Is generosity something that you just have or is it something that can be learned? I’ve been pondering this question and all I’ve come up with is another question. How many ways are there to be generous? Time, money, skills?
I started thinking about this last Friday at happy hour. My brother was in town so I was meeting up with him and his girlfriend. When the bill came, Rob and I both grabbed for it. Courtney tried, but she was too far away. It was only after I reminded my brother that he had bought the movie tickets that he let go of the check. Neither one of use were considering letting Courtney pay. Next time perhaps.
But it got me thinking, is willingness to pick up the check a form of generosity? I know people who would split the check down to the penny to only pay what they ordered. Then there are people I work with who pay for the first $100-$200 of the bar tab when work people go out, which I consider pretty generous. Then there are the people in the middle, like my close friends, who just split the check X amount of ways. Does willingness to part with more money than you are required to make you generous? Does it matter if you do it willingly or begrudgingly?
I ask if it’s something that can be learned because generous is not an adjective I would use to describe myself. It is one that I would use to describe my mother however. And as I get older, I find myself working towards being more generous to the people in my life. And money aside, there are other ways to be generous.
While I’m slightly more willing to part with my money, despite my frugal nature, I’m less likely to part with my time. In fact, if I can buy my way out of something I don’t want to do, I’ll do it. There are certain circumstances where you suck it up and do something you don’t want to do (i.e. wedding showers, baby showers, bachelorette parties) because the other person matters. And that is one way to show them that they matter to you. But this isn’t generosity; I’m doing these things begrudgingly to show my friends that they, and the events in their life, are important. And because all these things usually have cake.
I would consider people who donate their time to be very generous. Rather than work in a soup kitchen, I’d rather throw some money at it.

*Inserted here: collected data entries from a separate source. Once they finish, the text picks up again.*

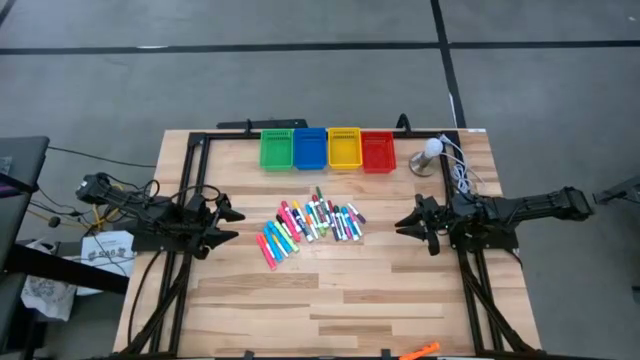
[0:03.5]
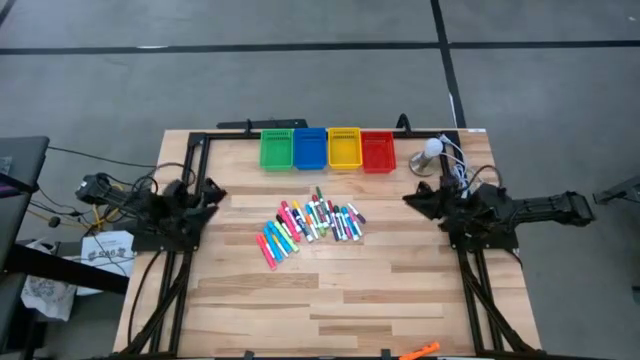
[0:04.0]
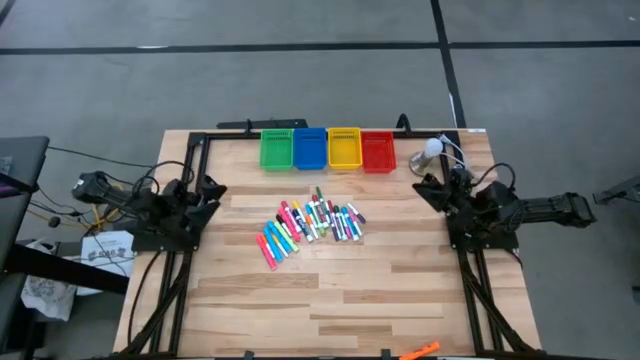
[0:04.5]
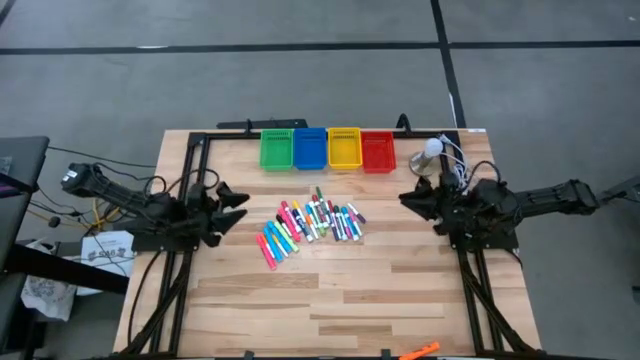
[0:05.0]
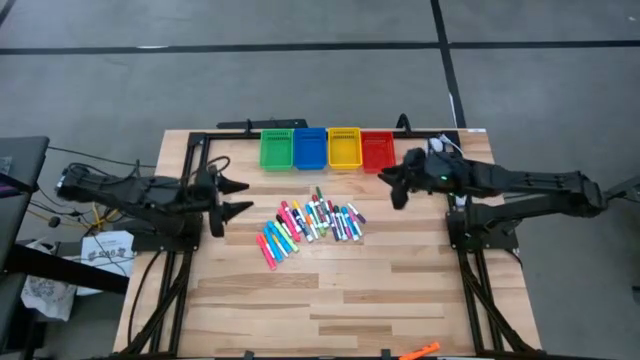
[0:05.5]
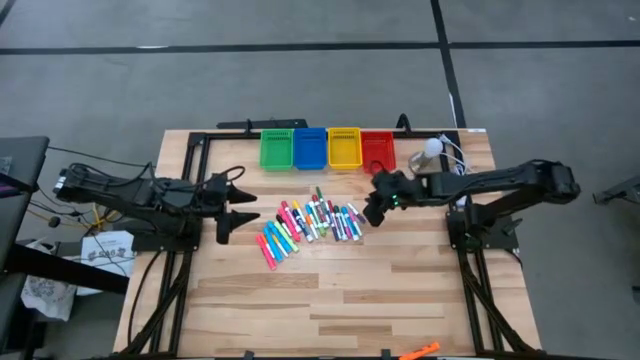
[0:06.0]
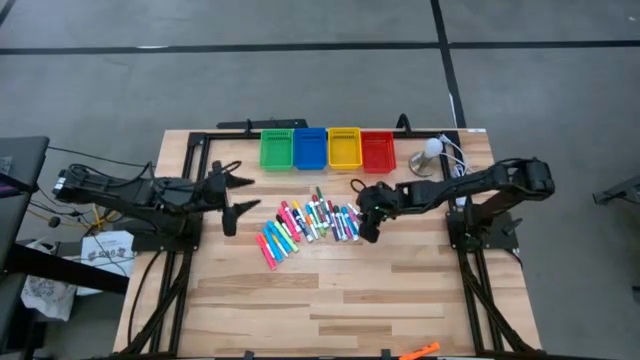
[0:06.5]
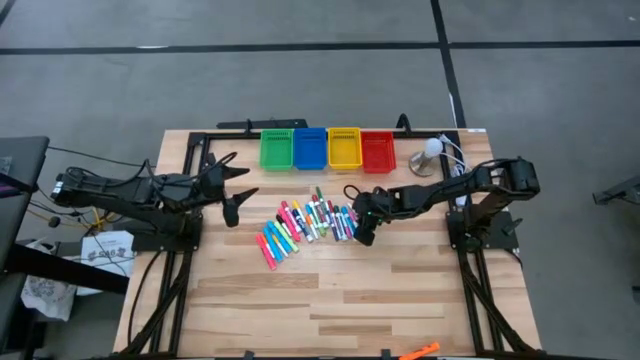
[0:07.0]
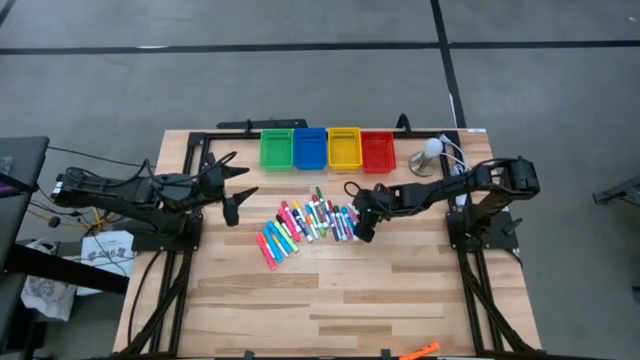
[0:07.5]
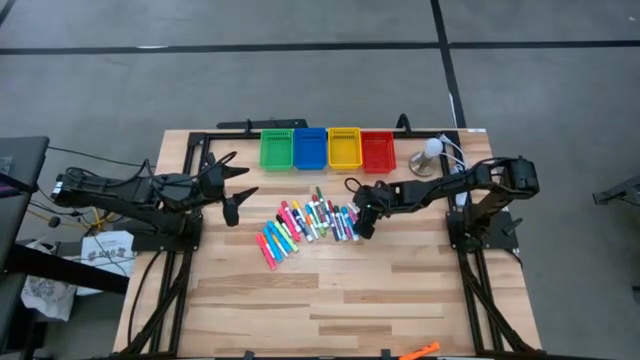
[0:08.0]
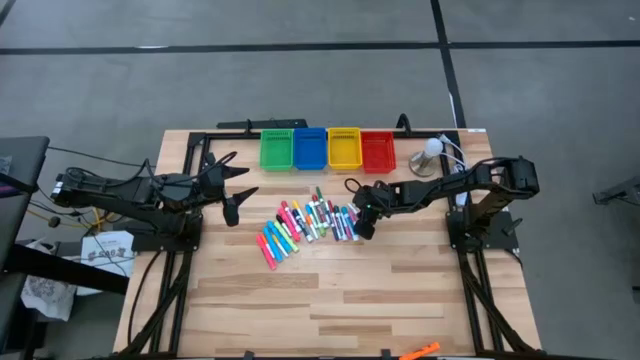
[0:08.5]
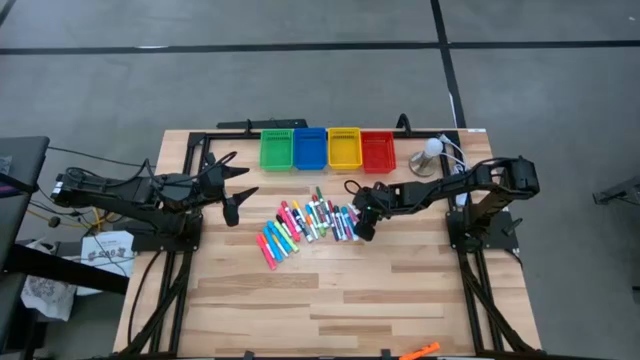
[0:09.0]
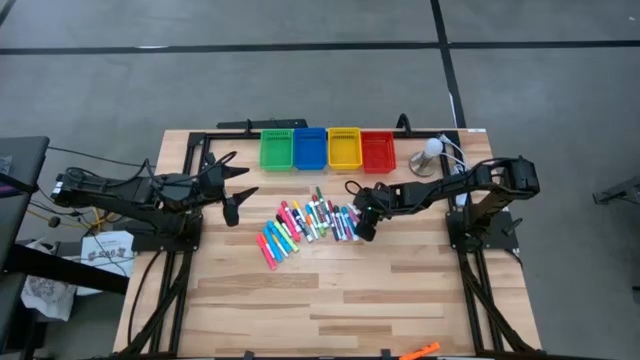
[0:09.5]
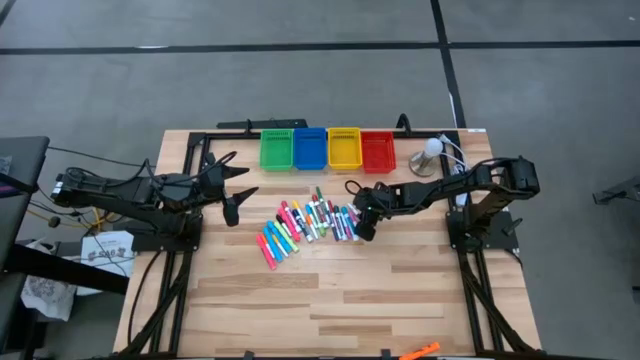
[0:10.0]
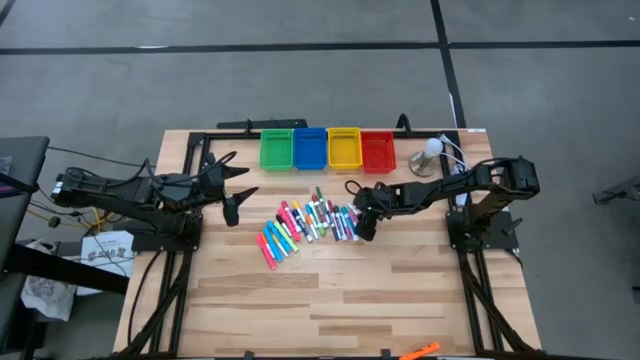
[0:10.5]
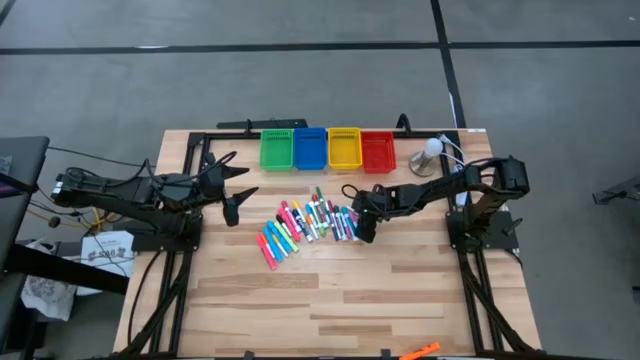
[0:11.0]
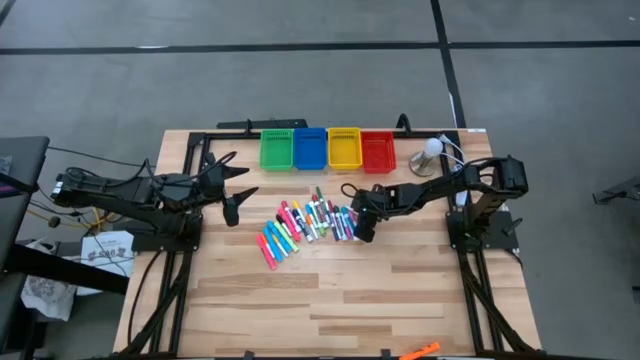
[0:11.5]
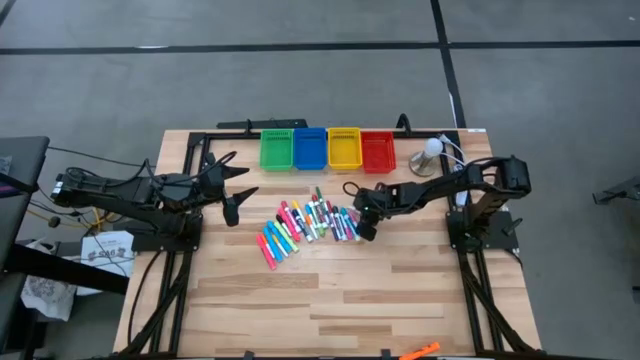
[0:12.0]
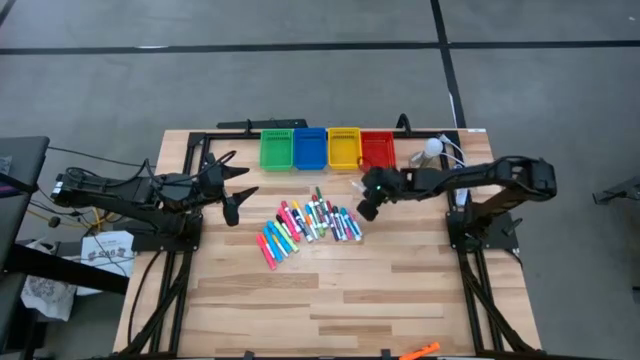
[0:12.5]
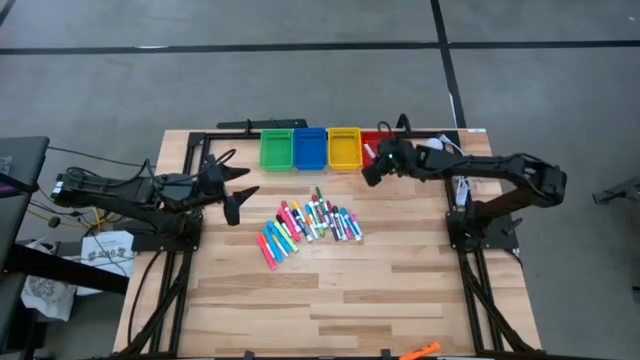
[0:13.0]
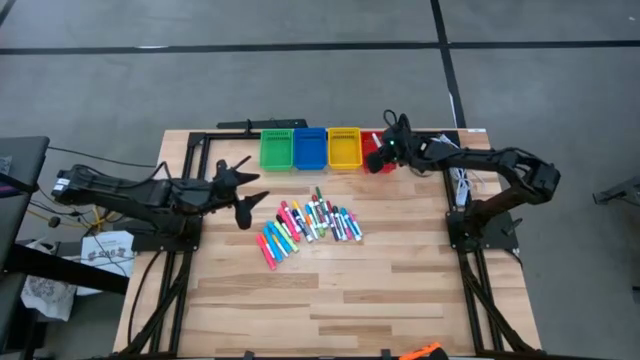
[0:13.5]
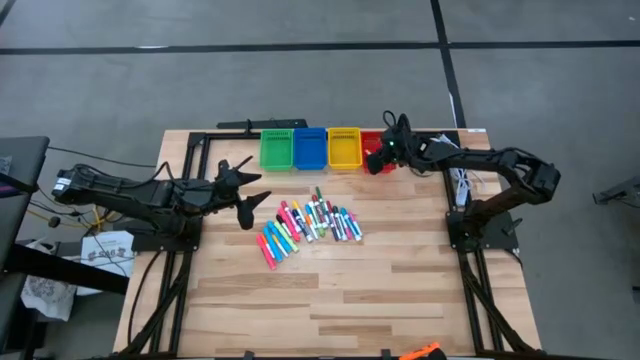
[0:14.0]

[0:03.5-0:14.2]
Task: Pick & Place Markers
Put the purple mini marker into the red basket

I do donate to select organizations that I feel strongly about, but I’m not entirely sure this is generous either. According to the dictionary, because now that I’ve thought this out to hell and back I lost track of the actual definition, generous is liberal in giving or sharing, being unselfish.
Now selfish is an adjective I would use to describe myself. Does this mean that I’m destined to be ungenerous? Or is generosity like sports? There are the kids that were born natural athletes and had the perfect jump shot in the 5th grade. Then there were the kids who received the “Ms. Hustle” awards (it’s a real thing, I swear, and have the certificate to prove it). The sport didn’t necessarily come naturally or easily but it was something they worked at. Hopefully being generous is like becoming a good free throw shooter – it just takes practice.